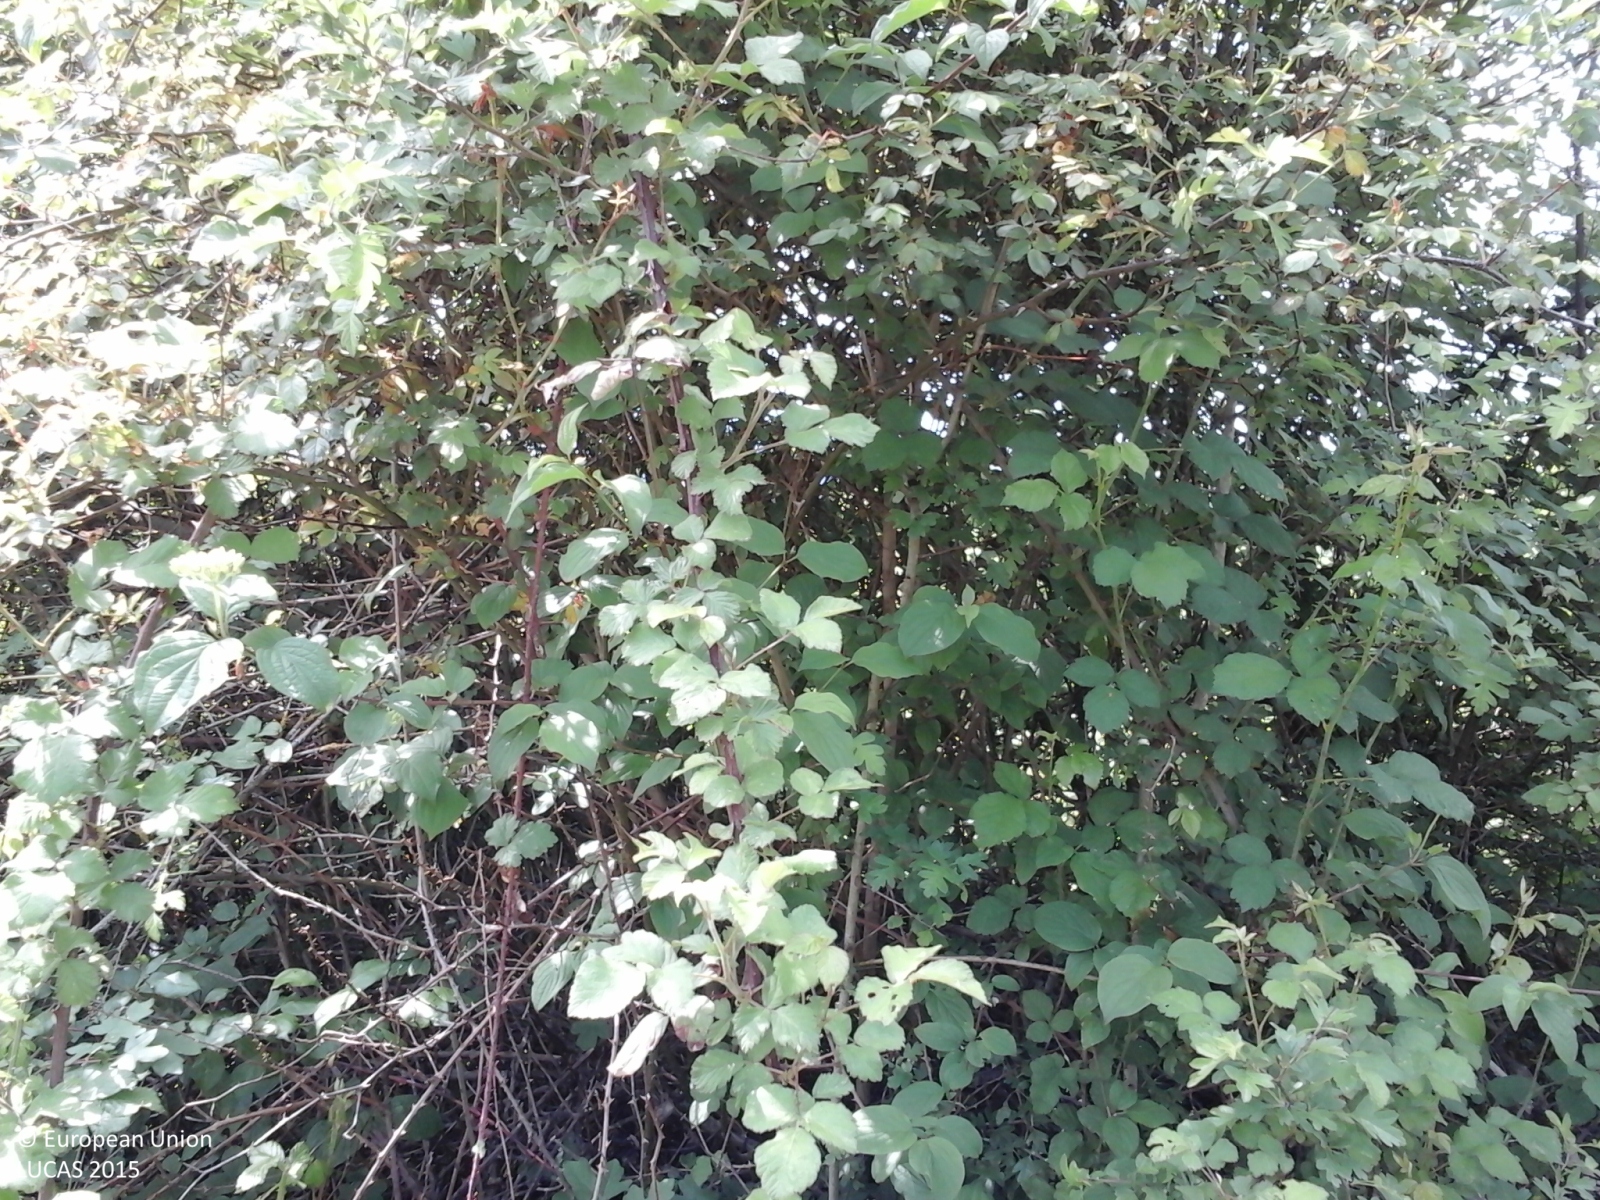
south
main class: Shrubland
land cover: Shrubland with sparse tree cover
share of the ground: 50 - 75 %
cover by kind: shrubs 90 %, broadleaved forest trees 5 %, herbaceous plants 5 %
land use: Forestry
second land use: Agriculture (excluding fallow land and kitchen gardens)
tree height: < 5 m
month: May
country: IT
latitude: 41.8628
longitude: 13.1809
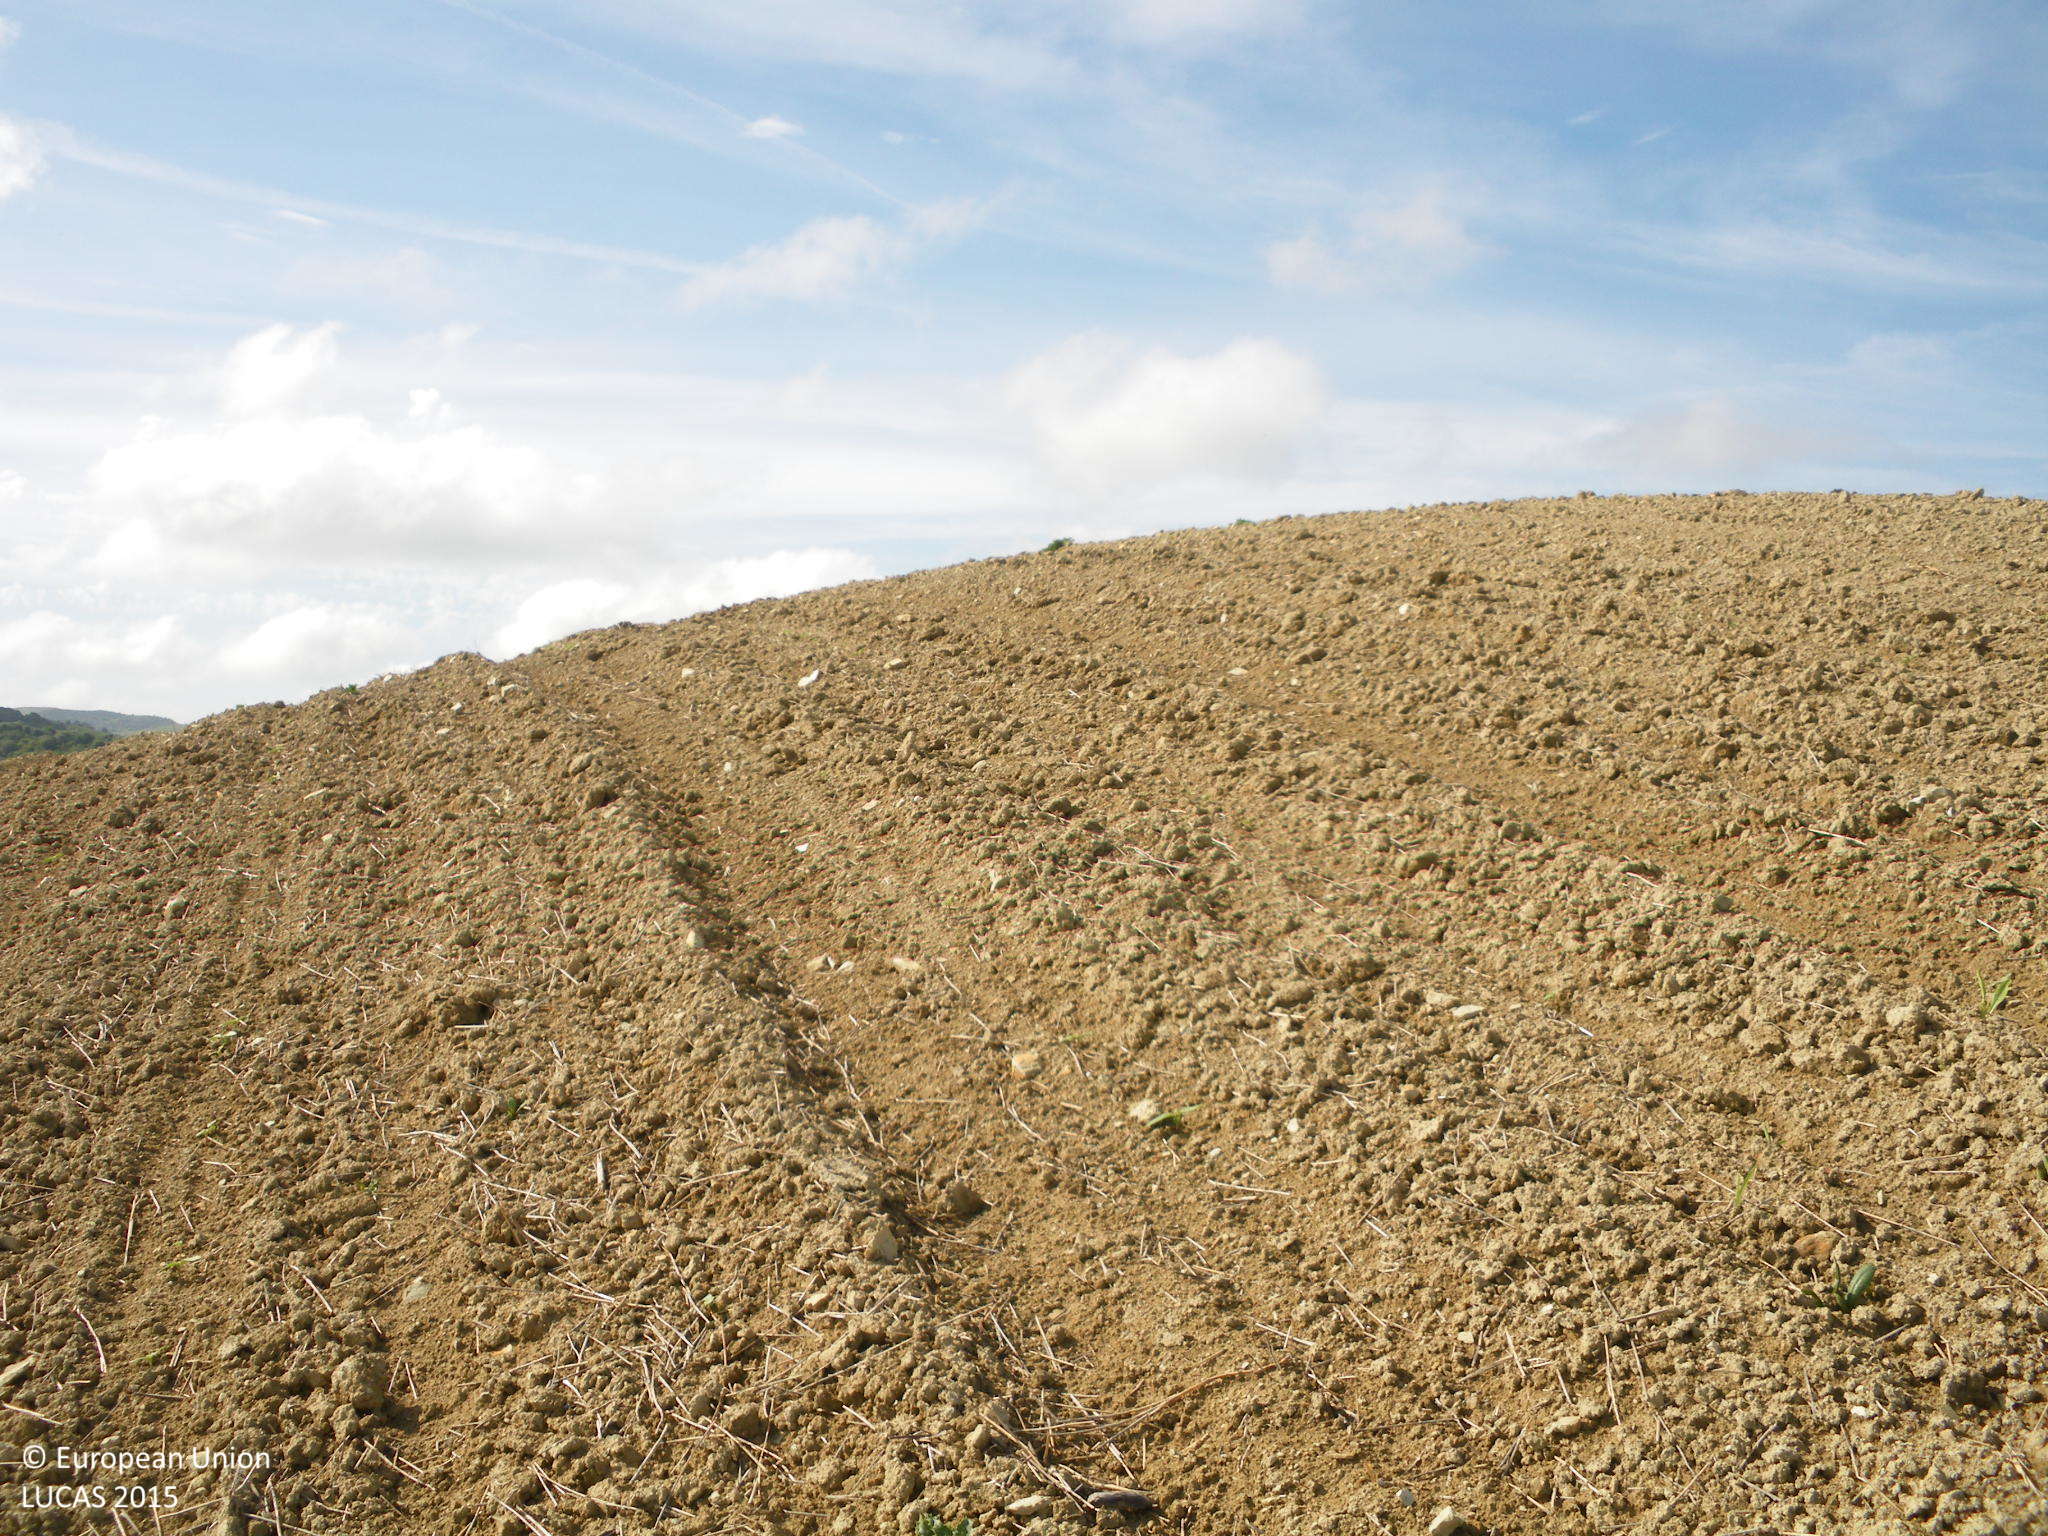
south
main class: Cropland
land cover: Sunflower
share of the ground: < 10 %
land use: Agriculture (excluding fallow land and kitchen gardens)
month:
——————
• _TASK DETAILS_:
Without the pictures, copy the entries from their first line through the line containing "second land use: Agriculture", and only those lines.

• _ANSWER SPACE_:
south
main class: Shrubland
land cover: Shrubland with sparse tree cover
share of the ground: 50 - 75 %
cover by kind: shrubs 90 %, broadleaved forest trees 5 %, herbaceous plants 5 %
land use: Forestry
second land use: Agriculture (excluding fallow land and kitchen gardens)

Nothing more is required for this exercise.